Constellation Energy (Nasdaq: CEG | CEG Price Prediction) and NextEra Energy (NYSE: NEE) both missed Q3 2025 revenue expectations, but the stories reveal fundamentally different business models competing for the AI-driven energy boom.
Nuclear Focus vs. Diversified Balance
Constellation posted $6.57 billion in revenue and $3.04 per share in adjusted earnings, both below Wall Street targets. CEO Joe Dominguez called it “outstanding performance” from the nuclear fleet, which generated 46,477 gigawatt-hours in Q3, up from 45,510 a year earlier. Renewable capture rates improved to 96.8%. The company secured a $1 billion government loan to restart the Three Mile Island reactor, backed by a Microsoft power purchase agreement.
NextEra delivered $7.97 billion in revenue but beat on earnings at $1.13 per share versus the $1.05 estimate. The company added 3 gigawatts to its renewables backlog and announced a 25-year nuclear supply deal with Google to power Iowa data centers. Florida Power & Light contributed $1.46 billion in net income, providing the stable regulated base that funds NextEra Energy Resources’ renewable expansion. Management maintained 2025 earnings guidance of $3.45 to $3.70 per share and projected roughly 10% annual dividend growth through 2026.
| Business Driver | CEG | NEE |
| Core Growth Engine | Nuclear fleet performance | FPL regulated base + renewables |
| Q3 Earnings Growth | -22.3% YoY | +31.1% YoY |
| Profit Margin | 11.0% | 24.7% |
| Dividend Yield | 0.42% | 2.78% |
Premium Valuation Meets Proven Profitability
Constellation trades at 41.5x trailing earnings compared to NextEra’s 25.8x multiple, a 61% premium reflecting investor enthusiasm for nuclear exposure to hyperscaler demand. The stock climbed 49% year-to-date through early December versus NextEra’s 14% gain. That rally occurred despite a 22% earnings decline in Q3, while NextEra grew earnings 31%.

NextEra operates with nearly double Constellation’s profit margin at 24.7% and generates more predictable cash flow through its regulated Florida utility. The company serves 12 million customers with steady rate base growth, then deploys that capital into renewable projects with long-term contracts. Constellation concentrates risk and reward in merchant nuclear generation, where output depends on fleet reliability and power prices.
What the Next Six Months Will Reveal
Watch whether Constellation can convert its hyperscaler pipeline into signed contracts at economics that justify the valuation premium. Dominguez said the team “has never been more active with serious and knowledgeable customers,” but deals take time. The Three Mile Island restart won’t deliver power until 2028.

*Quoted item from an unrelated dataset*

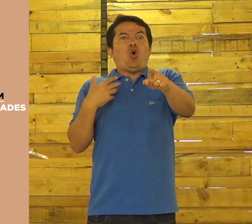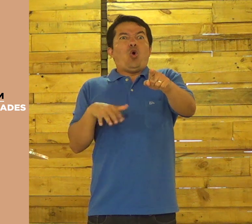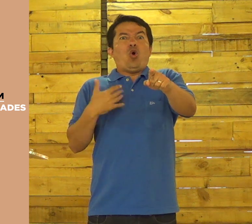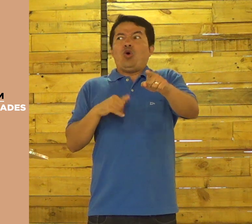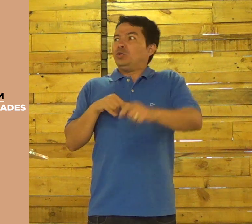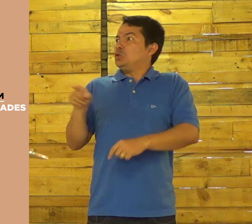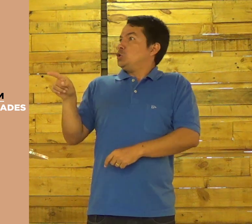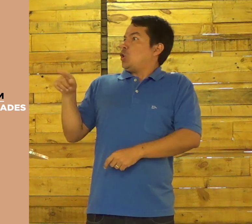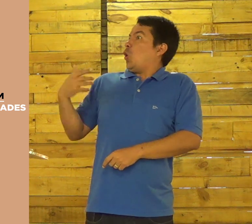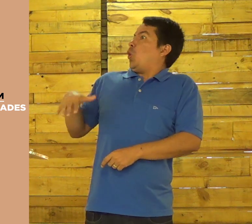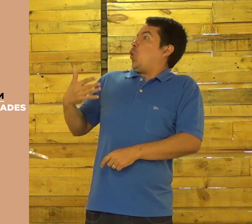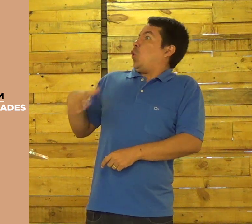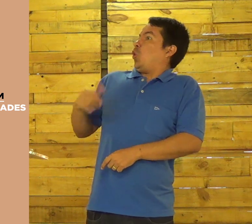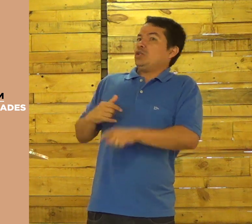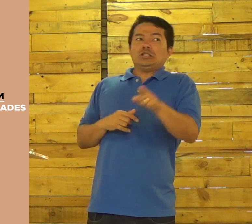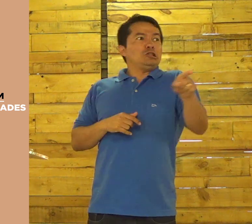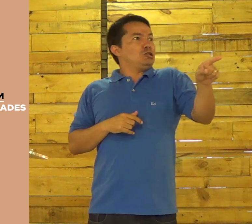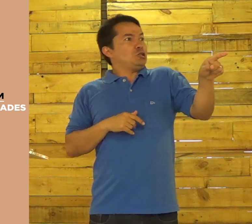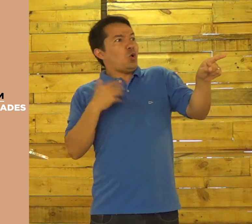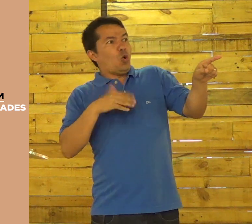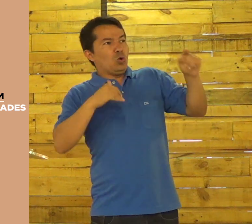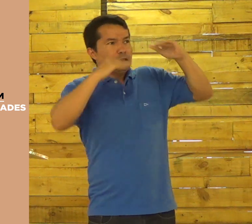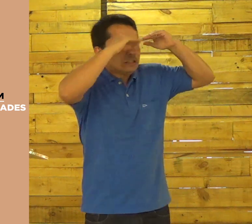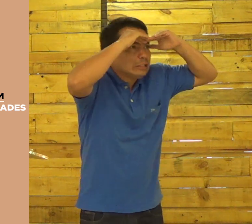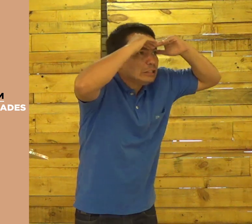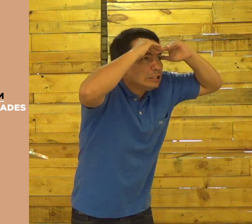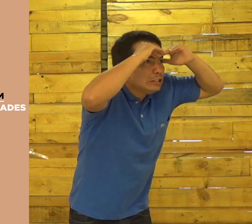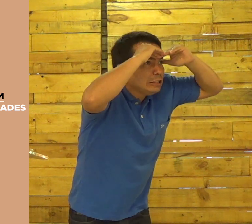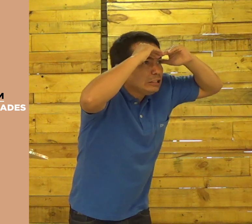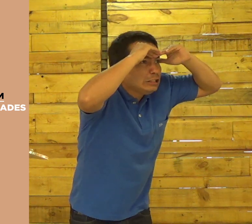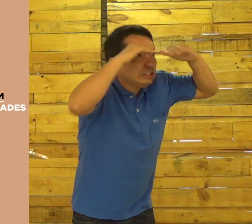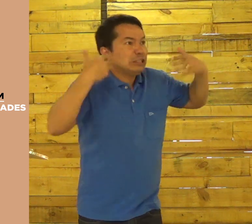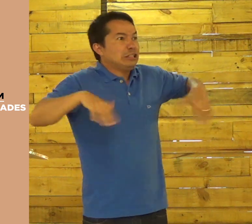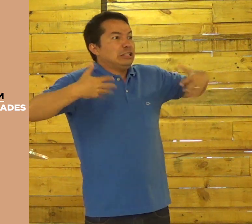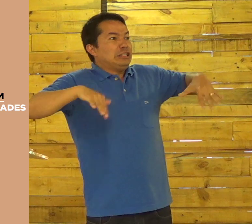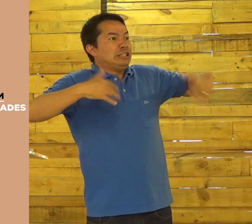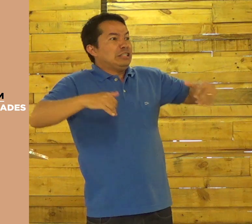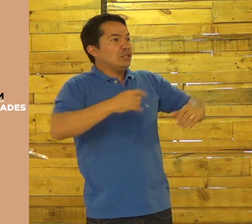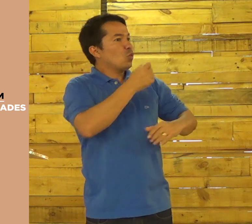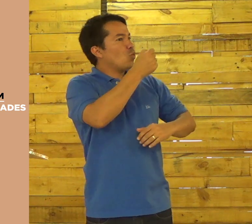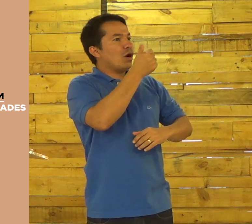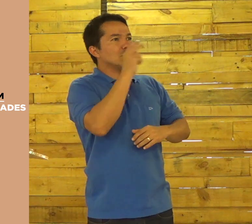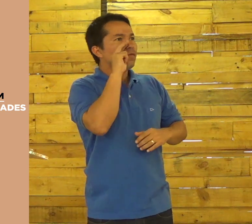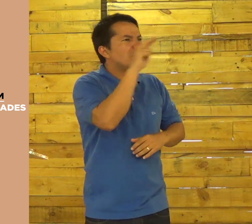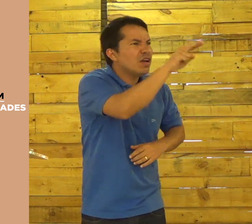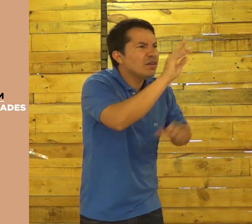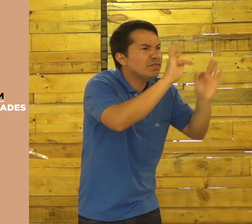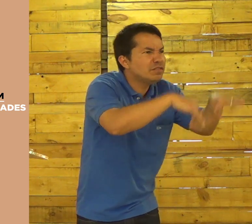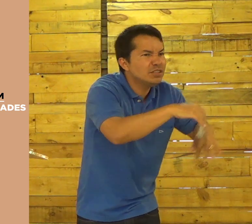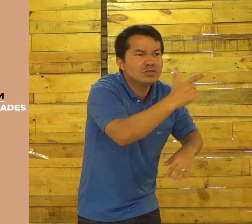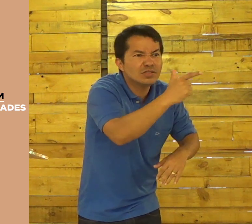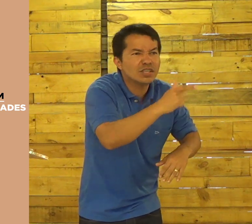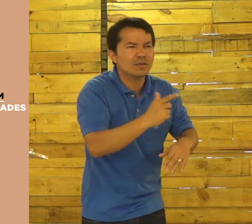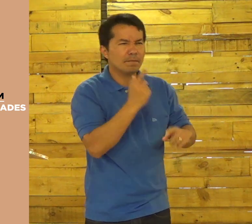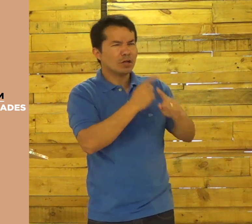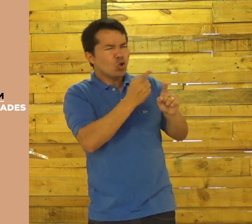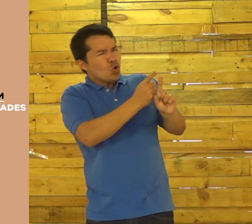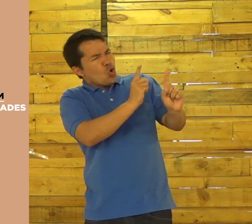lado. Realmente se parece com o mar. Você não consegue enxergar o sinal do outro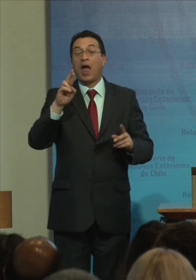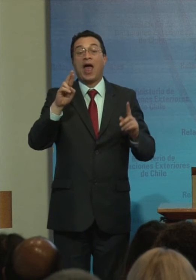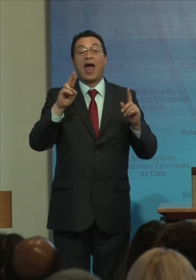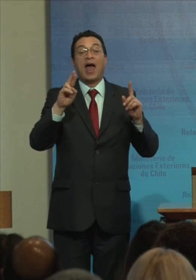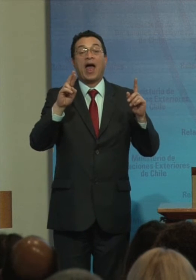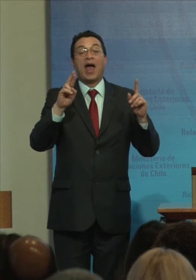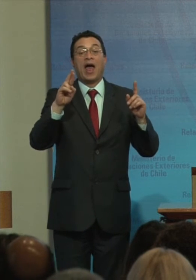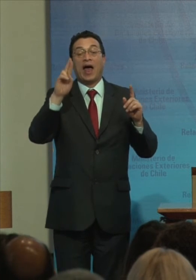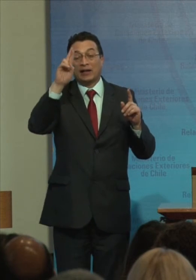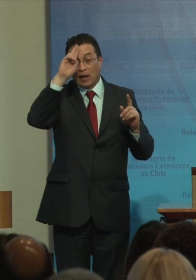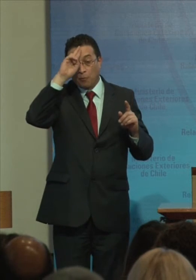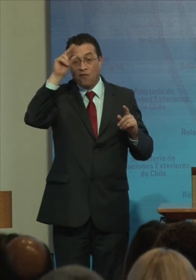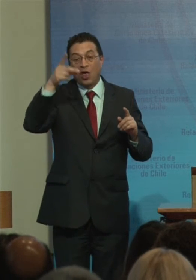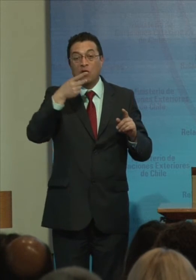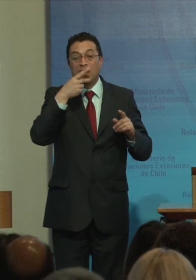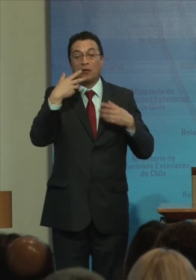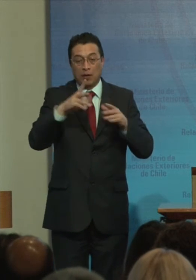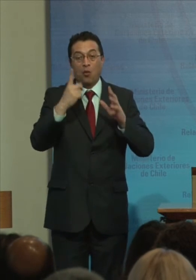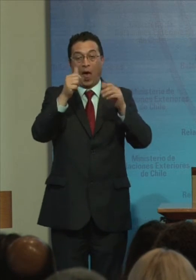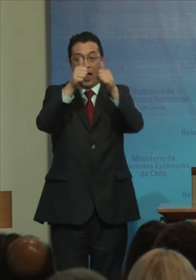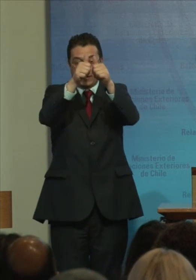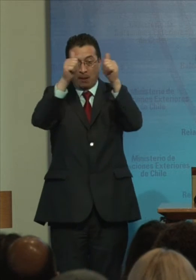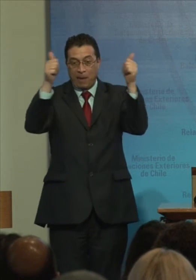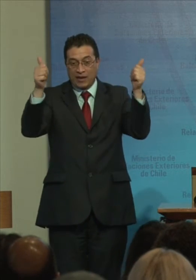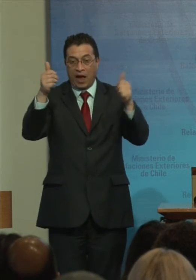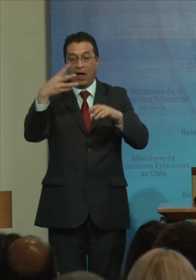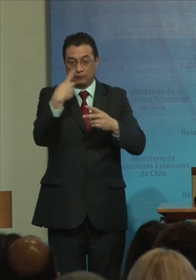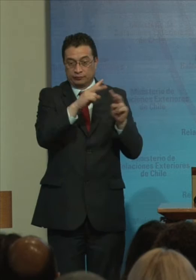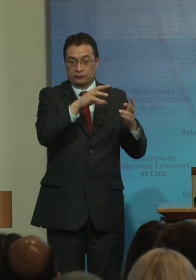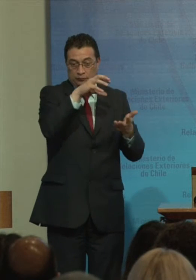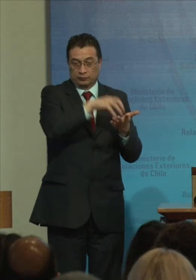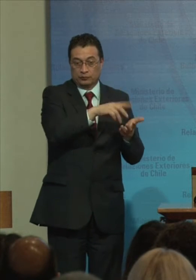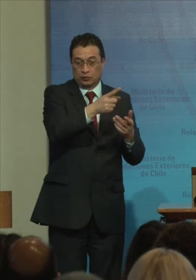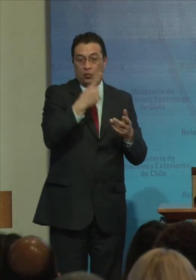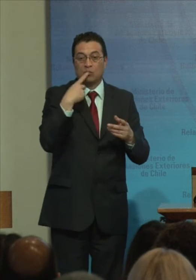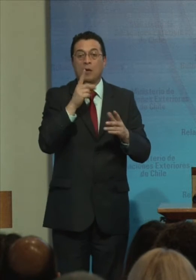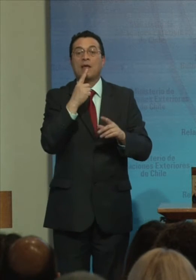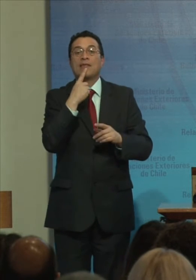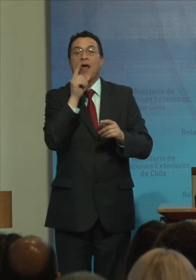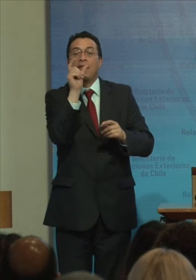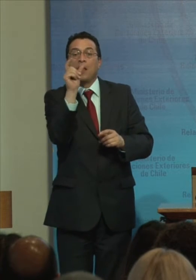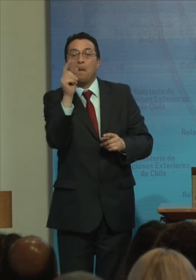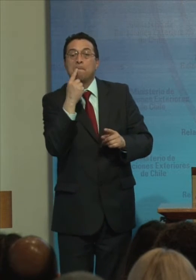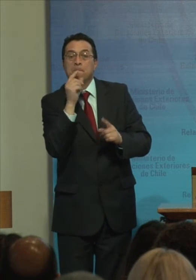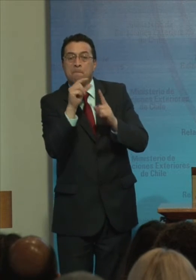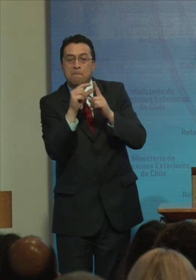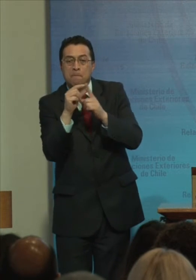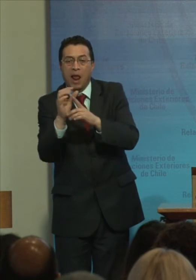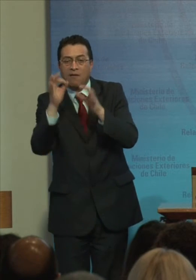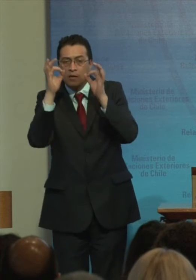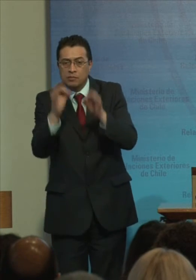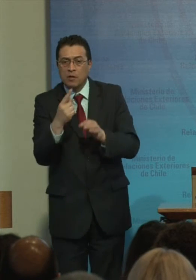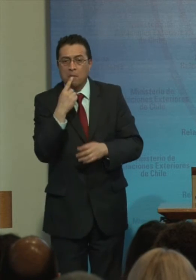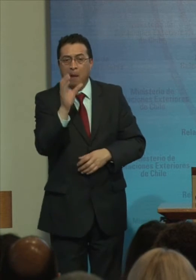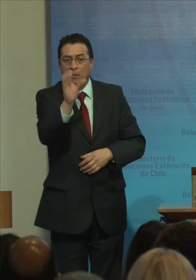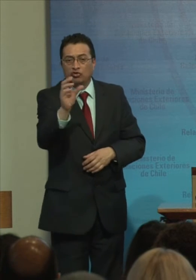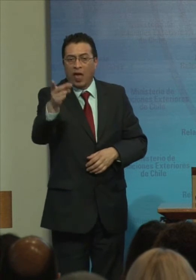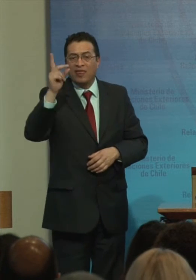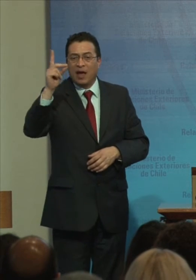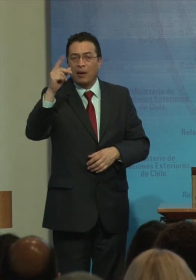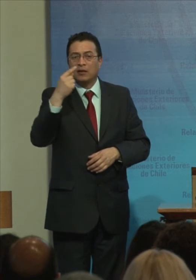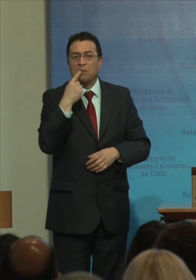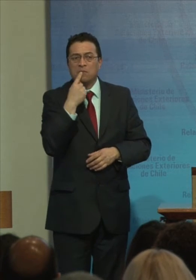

For NextEra, the Google nuclear deal and continued renewables backlog growth matter more than quarterly revenue misses. Track whether FPL can maintain its regulatory relationship in Florida while funding the capital spending that drives earnings growth.
Different Risk/Reward Profiles
Constellation offers pure exposure to the nuclear renaissance at a 41x multiple. The stock has momentum and a clear thesis.
NextEra provides a combination of regulated utility stability and renewable growth at a 38% cheaper valuation. The 2.78% dividend yield provides income while the Google deal and renewables backlog develop. NextEra’s 24.7% profit margins and 31% recent earnings growth demonstrate different execution characteristics. The company can participate in nuclear opportunities without depending entirely on that narrative. For investors seeking energy transition exposure across multiple technologies and customer segments, NextEra offers a more diversified approach.